VDaw presented a close positive correlation with PaO2 and normally aerated areas. A similar change in airway caliber related to transmural pressures has been reported earlier [35]; therefore, it seems that gas exchanging peripheral units are kept open at the expense of an increase in airway dead space. The increase in airway diameter was also responsible for the differences observed between VD/VT and VDalv/VTalv, as the former more global ratio is “contaminated” by the effect of PEEP on airway dead space, whereas the latter is not (Figs. 34). This fact suggests that the dead space portion of the alveolar gas provides more meaningful information than the classical VD/VT ratio when monitoring of the lung collapse-recruitment phenomena is of the essence.

These changes in dead space agree with those reported by Wenzel et al. in an animal model of ALI [36]. In their study, the administration of exogenous surfactant decreased dead space due to a partial recruitment of atelectatic lung areas.
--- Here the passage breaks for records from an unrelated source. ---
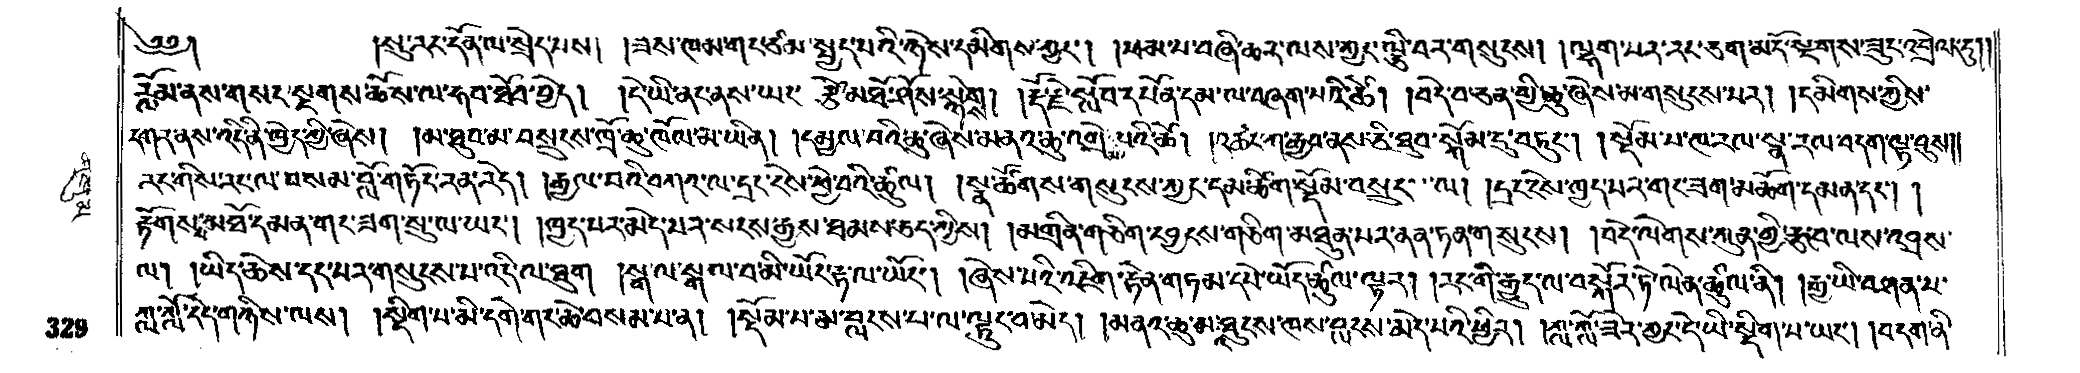༄༅། །སུ་རང་དོན་ལ་སྲེད་པས། །ཟས་ཁམ་གང་ཙམ་སྤྱད་པའི་ཉེས་དམིགས་ཀྱང་། །ཕམ་པ་བཞི་ཆར་ལས་ཀྱང་ལྕི་བར་གསུངས། །ལྷག་པར་རང་ཅག་མདོ་སྔགས་ཟུང་འབྲེལ་དུ།།
རློམ་ནས་གསང་སྔགས་ཆོས་ལ་ཧབ་ཐོབ་བྱེད། །དེ་ཡི་ནང་ནས་ཡང་རྩེ་མཐོ་ཤོས་སྙེགས། །རྡོ་རྗེ་སློབ་དཔོན་དམ་ལ་བཞག་པའི་ཚེ། །བདེ་བ་ཅན་གྱི་ཆུ་ཞེས་མ་གསུངས་པར། །དམིགས་ཀྱིས་
དགར་ནས་འདི་ནི་ཁྱེད་ཀྱི་ཞེས། །མ་ཐུབ་མ་བསྲུངས་ཁྲོ་ཆུ་ཁོལ་མ་ཡིན། །དམྱལ་བའི་ཆུ་ཞེས་མནའ་ཆུ་འགྲེམ་པའི་ཚེ། །འཚང་ཀ་རྒྱབ་ནས་ཅི་ཐུབ་སྐོམ་དུ་བཏུང་། །སྡོམ་པ་ཁ་རལ་སྣ་རལ་བདག་ལྟ་བུས།།
རང་གིས་རང་ལ་བསམ་བློ་གཏོང་རན་རེད། །རྒྱལ་བའི་བཀའ་ལ་དྲང་ངེས་ཕྱེ་བའི་ཚུལ། །སྣ་ཚོགས་གསུངས་ཀྱང་དམ་ཚིག་སྡོམ་བསྲུང་ལ། །དྲང་ངེས་ཁྱད་པར་གང་ཟག་མཆོག་དམན་དང་། །
རྟོགས་པ་མཐོ་དམན་གང་ཟག་སུ་ལ་ཡང་། །ཁྱད་པར་མེད་པར་སངས་རྒྱས་ཐམས་ཅད་ཀྱིས། །མགྲིན་གཅིག་དབྱངས་གཅིག་མཐུན་པར་ནན་ཏན་གསུངས། །བདེ་ལེགས་ཀུན་གྱི་རྩ་བ་ལས་འབྲས་
ལ། །ཡིད་ཆེས་དང་པར་གསུངས་པ་འདི་ལ་ཐུག །སྒ་ལ་སྒལ་བ་མི་ཡོང་རྟ་ལ་ཡོང་། །ཞེས་པའི་འཇིག་རྟེན་གཏམ་དཔེ་ཡོད་ཚུལ་ལྟར། །རང་གི་རྒྱུད་ལ་བསྐོར་ཏེ་ལེན་ཚུལ་ནི། །རྒྱ་ཡི་བཤན་པ་
ཀླ་ཀློ་ངེད་གཉིས་ལས། །སྡིག་པ་མི་དགེ་གང་ཆེ་བསམ་པ་ན། །སྡོམ་པ་མ་བླངས་པ་ལ་ལྟུང་བ་མེད། །མནའ་ཆུ་མ་འཐུངས་ཁས་བླངས་མེད་པའི་ཕྱིར། །ཀླ་ཀློ་ཟེར་ཀྱང་དེ་ཡི་སྡིག་པ་ཡང་། །བདག་ནི་

Furthermore, the results of the current study agree well with the findings of our previous studies in anesthetized patients [23, 24].
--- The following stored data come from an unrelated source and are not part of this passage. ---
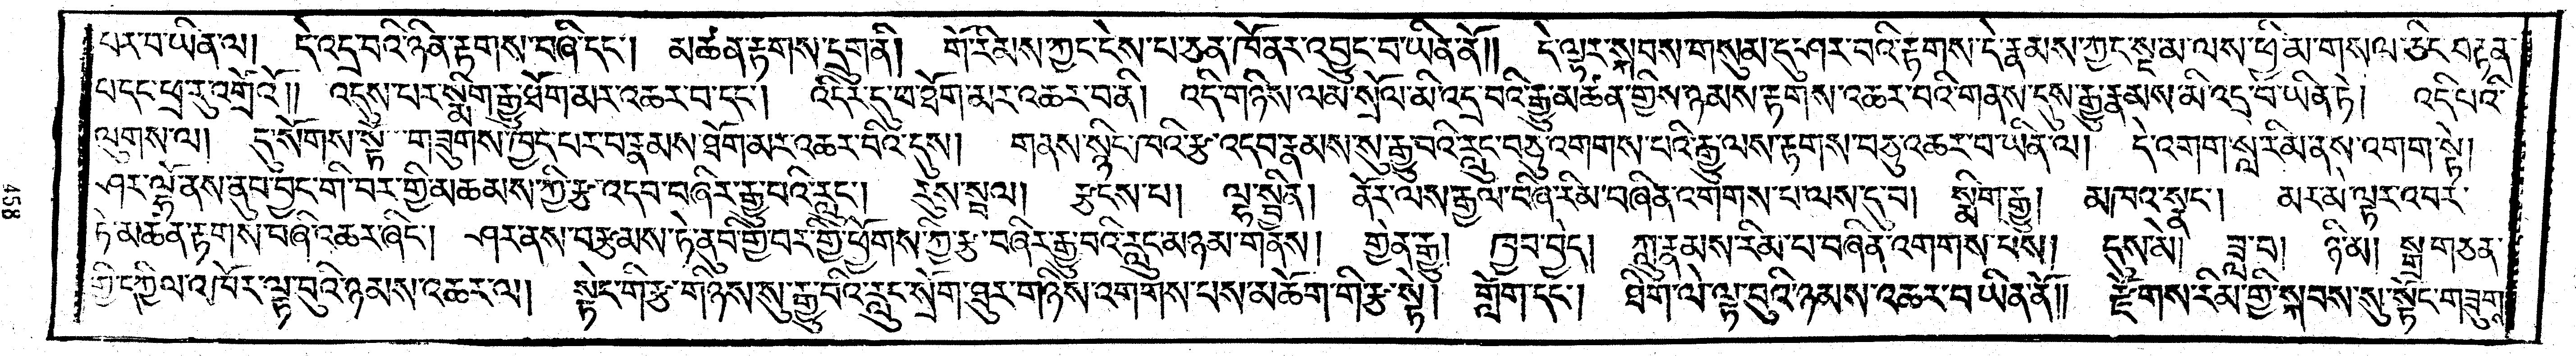པར་བ་ཡིན་ལ། དེ་འདྲ་བའི་ཉིན་རྟགས་བཞི་དང་། མཚན་རྟགས་དྲུག་ནི། གོ་རིམས་ཀྱང་ངེས་པ་ཅན་ཁོ་ནར་འབྱུང་བ་ཡིན་ནོ།། དེ་ལྟར་སྐབས་གསུམ་དུ་ཤར་བའི་རྟགས་དེ་རྣམས་ཀྱང་སྔ་མ་ལས་ཕྱི་མ་གསལ་ཅིང་བརྟན་
པ་དང་ཕྲ་རུ་འགྲོའོ།། འདུས་པར་སྨིག་རྒྱུ་ཐོག་མར་འཆར་བ་དང་། འདིར་དུ་ཕ་ཐོག་མར་འཆར་བ་ནི། འདི་གཉིས་ལམ་སྲོལ་མི་འདྲ་བའི་རྒྱུ་མཚན་གྱིས་ཉམས་རྟགས་འཆར་བའི་གནས་དུས་རྒྱུ་རྣམས་མི་འདྲ་བ་ཡིན་ཏེ། འདི་པའི་
ལུགས་ལ། དུ་སོགས་སྟོ་གཟུགས་ཁྱད་པར་བ་རྣམས་ཐོག་མར་འཆར་བའི་དུས། གནས་སྙིང་ཁའི་རྩ་འདབ་རྣམས་སུ་རྒྱུ་བའི་རླུང་བཅུ་འགགས་པའི་རྒྱུ་ལས་རྟགས་བཅུ་འཆར་བ་ཡིན་ལ། དེ་འགག་སླ་རིམ་ནས་འགག་སྟེ།
ཤར་ལྷོ་ནས་ནུབ་བྱང་གི་བར་གྱི་མཆམས་ཀྱི་རྩ་འདབ་བཞིར་རྒྱུ་པའི་རླུང་། རུས་སྦལ། རྩངས་པ། ལྷ་སྦྱིན། ནོར་ལས་རྒྱལ་བཞི་རིམ་བཞིན་འགགས་པ་ལས་དུ་བ། སྨིག་རྒྱུ། མཁའ་སྣང་། མར་མེ་ལྟར་འབར་
ཏེ་མཚན་རྟགས་བཞི་འཆར་ཞིང་། ཤར་ནས་བརྩམས་ཏེ་ནུབ་གྱི་བར་གྱི་ཕྱོགས་ཀྱི་རྩ་བཞིར་རྒྱུ་བའི་རླུང་མཉམ་གནས། གྱེན་རྒྱུ། ཁྱབ་བྱེད། ཀླུ་རྣམས་རིམ་པ་བཞིན་འགགས་པས། དུས་མེ། ཟླ་བ། ཉི་མ། སྒྲ་གཅན་
གྱི་དཀྱིལ་འཁོར་ལྟ་བུའི་ཉམས་འཆར་ལ། སྟེང་གི་རྩ་གཉིས་སུ་རྒྱུ་བའི་རླུང་སྲོག་ཐུར་གཉིས་འགགས་པས་མཆོག་གི་རྩ་སྟེ། གློག་དང་། ཐིག་ལེ་ལྟ་བུའི་ཉམས་འཆར་བ་ཡིན་ནོ།། རྫོགས་རིམ་གྱི་སྐབས་སུ་སྟོང་གཟུགས་

On the contrary, neither Blanch et al. [27] nor Beydon et al. [28] showed the same positive effect on dead space when using levels of PEEP between 0 and 15 cmH2O in acutely injured lungs. These opposing results are most likely due to the absence of any genuine lung-recruitment effect in their patients. Putting these thoughts together, differences in the results of these studies may in fact be the demonstration of the significant physiological changes in dead space, which are induced by lung-recruitment maneuvers as compared with the isolated use of PEEP without them.

Limitations of the study

The saline lavage model behaves differently from clinical ALI and fails to reproduce the vascular and inflammatory pathology of early acute respiratory failure [37]. This model is generally more “recruitable,” i. e., it responds more to increases in airway pressures than other models of lung injury but shows less hemodynamic compromise [37]. Therefore, changes in dead-space variables could have been overestimated in the experimental model used as compared with real patients. Rosenthal et al. demonstrated that there is no such thing as a perfect animal model that could imitate the complex nature of ALI or ARDS [38]; thus, data from other experimental models of ALI, but more importantly from patients, would be needed to confirm our results.

The use of two-dimensional CT scans for assessing three-dimensional volumes of lung aeration has limitations. The main limitation of our approach was to take only one juxta-diaphragmatic CT slice for analysis, a technique that need not be representative for the entire lung [31]. Also, analysis of hyperinflated areas was difficult due to inherent limitations of CT technology as a tool for assessing hyperinflation, especially when a single-slice technique is used [1, 2, 14, 31, 39].

Conclusion

Monitoring of dead space during PEEP titration was useful for detecting early signs of lung collapse in an experimental model of surfactant depletion. After lung recuitment, the parameters alveolar dead space, ratio of alveolar dead space to alveolar tidal volume, and Pa-etCO2 showed high specificity and sensitivity for establishing OL-PEEP. VDalv/VTalv, as opposed to VD/VT, agreed well with the gold standard defined by CT. VDalv/VTalv should replace the classical ratio whenever alveolar aeration is to be optimized.